**TASK STATEMENT:** Reproduce the records below exactly; no pictures.

== Segment start ==

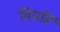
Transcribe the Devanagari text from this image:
विप्रहिं
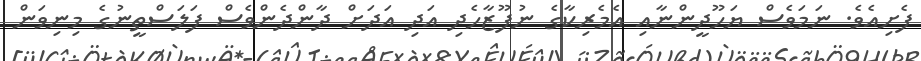
ފެށިއެވެ. ނަމަވެސް ޔަހޫދީންނާއި އެމެރިކާގެ ނުފޫޒާހެދި އަދި އަދަށް ދާންދެންވެސް ފަލަސްތީނުގެ މިނިވަން
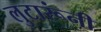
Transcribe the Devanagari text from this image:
लुटारूंनी
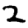
Digit: 2
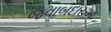
જવાબદારઆ
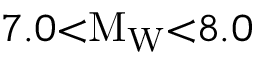
7 . 0 { < } \mathrm { M } _ { \mathrm { W } } { < } 8 . 0
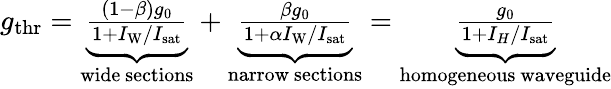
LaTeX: \begin{array}{r}{g_{\mathrm{thr}}=\underbrace{\frac{(1-\beta)g_{0}}{1+I_{\mathrm{W}}/{I_{\mathrm{sat}}}}}_{\mathrm{wide~sections}}+\underbrace{\frac{\beta g_{0}}{1+\alpha I_{\mathrm{W}}/{I_{\mathrm{sat}}}}}_{\mathrm{narrow~sections}}=\underbrace{\frac{g_{0}}{1+I_{H}/{I_{\mathrm{sat}}}}}_{\mathrm{homogeneous~waveguide}}}\end{array}
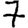
Digit: 7
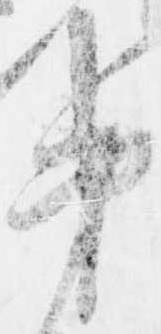
第
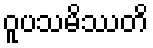
ဝူပသမိဿတိ
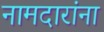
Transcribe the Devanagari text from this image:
नामदारांना
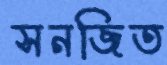
সনজিত
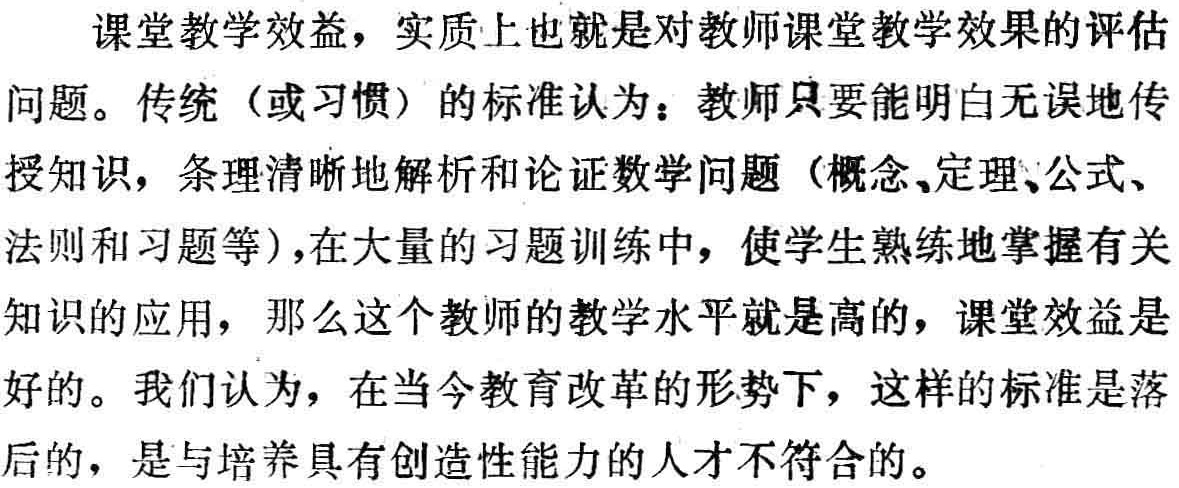
课堂教学效益，实质上也就是对教师课堂教学效果的评估
问题。传统（或习惯）的标准认为：教师只要能明白无误地传
授知识，条理清晰地解析和论证数学问题（概念、定理、公式、
法则和习题等），在大量的习题训练中，使学生熟练地掌握有关
知识的应用，那么这个教师的教学水平就是高的，课堂效益是
好的。我们认为，在当今教育改革的形势下，这样的标准是落
后的，是与培养具有创造性能力的人才不符合的。
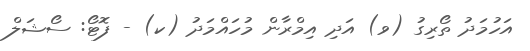
އަހުމަދު ތޯރިގު (ވ) އަދި އިމްރާން މުހައްމަދު (ކ) - ފޮޓޯ: ސޯޝަލް
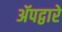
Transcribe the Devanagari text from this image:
ॲपद्वारे
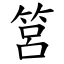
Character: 筥
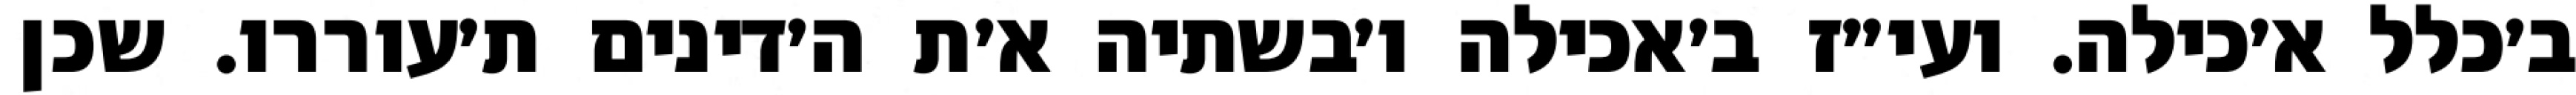
ב׳כלל א׳כילה. ועי״ז ב׳אכילה ו׳בשתיה א׳ת ה׳דינים ת׳עוררו. שכן
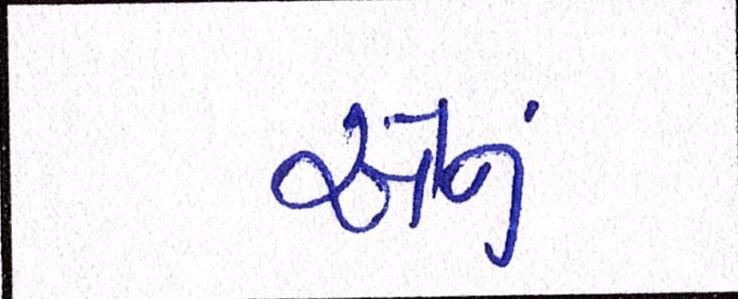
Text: એનું
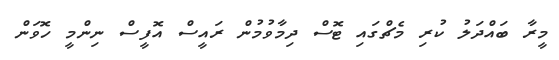
މީރާ ބައްދަލު ކުރި މެޗްގައި ޓޮސް ދިމާވުމުން ރައީސް އޮފީސް ނިންމީ ހޮވަން
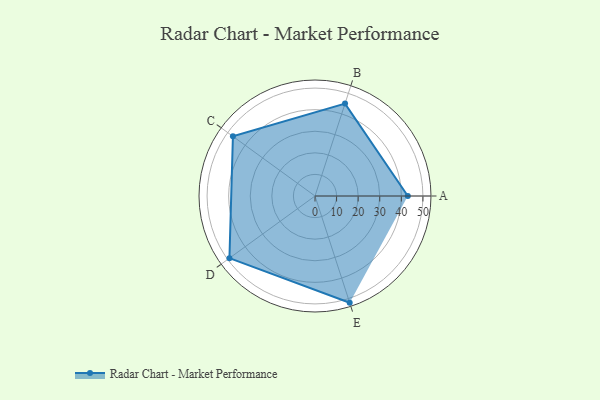
{"axis": {"x": "Skill", "y": "Score"}, "legend": ["Profile"], "data": [{"x": "A", "y": 43.0, "type": "Profile"}, {"x": "B", "y": 45.0, "type": "Profile"}, {"x": "C", "y": 47.0, "type": "Profile"}, {"x": "D", "y": 49.0, "type": "Profile"}, {"x": "E", "y": 52.0, "type": "Profile"}]}
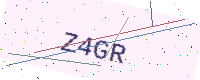
Text: Z4GR
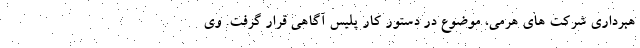
هبرداری شرکت های هرمی، موضوع در دستور کار پلیس آگاهی قرار گرفت. وی
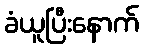
ခံယူပြီးနောက်
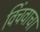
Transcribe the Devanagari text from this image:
विंचवाचा
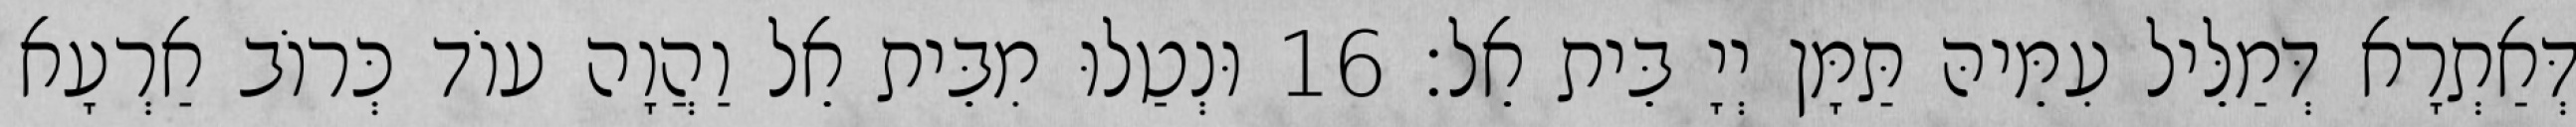
דְּאַתְרָא דְּמַלֵּיל עִמֵּיהּ תַּמָּן יְיָ בֵּית אֵל׃ 16 וּנְטַלוּ מִבֵּית אֵל וַהֲוָה עוֹד כְּרוֹב אַרְעָא
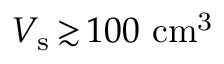
V _ { \mathrm { s } } \, { \gtrsim } \, 1 0 0 ~ \mathrm { c m ^ { 3 } }
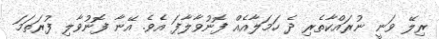
ރިލޭ ވަނީ ނުރައްކާތެރި ދެ ހަމަލާއެއް ފޮނުވާލާފަ އެވެ. އޭނާ ފޮނުވާލި ފުރަތަމަ
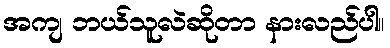
အကျ ဘယ်သူလဲဆိုတာ နားလည်ပါ။

== Segment end ==

**SOLUTION TO THIS TASK:**
Transcribe the Devanagari text from this image:
विप्रहिं
ފެށިއެވެ. ނަމަވެސް ޔަހޫދީންނާއި އެމެރިކާގެ ނުފޫޒާހެދި އަދި އަދަށް ދާންދެންވެސް ފަލަސްތީނުގެ މިނިވަން
Transcribe the Devanagari text from this image:
लुटारूंनी
Digit: 2
જવાબદારઆ
7 . 0 { < } \mathrm { M } _ { \mathrm { W } } { < } 8 . 0
LaTeX: \begin{array}{r}{g_{\mathrm{thr}}=\underbrace{\frac{(1-\beta)g_{0}}{1+I_{\mathrm{W}}/{I_{\mathrm{sat}}}}}_{\mathrm{wide~sections}}+\underbrace{\frac{\beta g_{0}}{1+\alpha I_{\mathrm{W}}/{I_{\mathrm{sat}}}}}_{\mathrm{narrow~sections}}=\underbrace{\frac{g_{0}}{1+I_{H}/{I_{\mathrm{sat}}}}}_{\mathrm{homogeneous~waveguide}}}\end{array}
Digit: 7
第
ဝူပသမိဿတိ
Transcribe the Devanagari text from this image:
नामदारांना
সনজিত
课堂教学效益，实质上也就是对教师课堂教学效果的评估
问题。传统（或习惯）的标准认为：教师只要能明白无误地传
授知识，条理清晰地解析和论证数学问题（概念、定理、公式、
法则和习题等），在大量的习题训练中，使学生熟练地掌握有关
知识的应用，那么这个教师的教学水平就是高的，课堂效益是
好的。我们认为，在当今教育改革的形势下，这样的标准是落
后的，是与培养具有创造性能力的人才不符合的。
އަހުމަދު ތޯރިގު (ވ) އަދި އިމްރާން މުހައްމަދު (ކ) - ފޮޓޯ: ސޯޝަލް
Transcribe the Devanagari text from this image:
ॲपद्वारे
Character: 筥
ב׳כלל א׳כילה. ועי״ז ב׳אכילה ו׳בשתיה א׳ת ה׳דינים ת׳עוררו. שכן
Text: એનું
މީރާ ބައްދަލު ކުރި މެޗްގައި ޓޮސް ދިމާވުމުން ރައީސް އޮފީސް ނިންމީ ހޮވަން
{"axis": {"x": "Skill", "y": "Score"}, "legend": ["Profile"], "data": [{"x": "A", "y": 43.0, "type": "Profile"}, {"x": "B", "y": 45.0, "type": "Profile"}, {"x": "C", "y": 47.0, "type": "Profile"}, {"x": "D", "y": 49.0, "type": "Profile"}, {"x": "E", "y": 52.0, "type": "Profile"}]}
Text: Z4GR
هبرداری شرکت های هرمی، موضوع در دستور کار پلیس آگاهی قرار گرفت. وی
ခံယူပြီးနောက်
Transcribe the Devanagari text from this image:
विंचवाचा
דְּאַתְרָא דְּמַלֵּיל עִמֵּיהּ תַּמָּן יְיָ בֵּית אֵל׃ 16 וּנְטַלוּ מִבֵּית אֵל וַהֲוָה עוֹד כְּרוֹב אַרְעָא
V _ { \mathrm { s } } \, { \gtrsim } \, 1 0 0 ~ \mathrm { c m ^ { 3 } }
ރިލޭ ވަނީ ނުރައްކާތެރި ދެ ހަމަލާއެއް ފޮނުވާލާފަ އެވެ. އޭނާ ފޮނުވާލި ފުރަތަމަ
အကျ ဘယ်သူလဲဆိုတာ နားလည်ပါ။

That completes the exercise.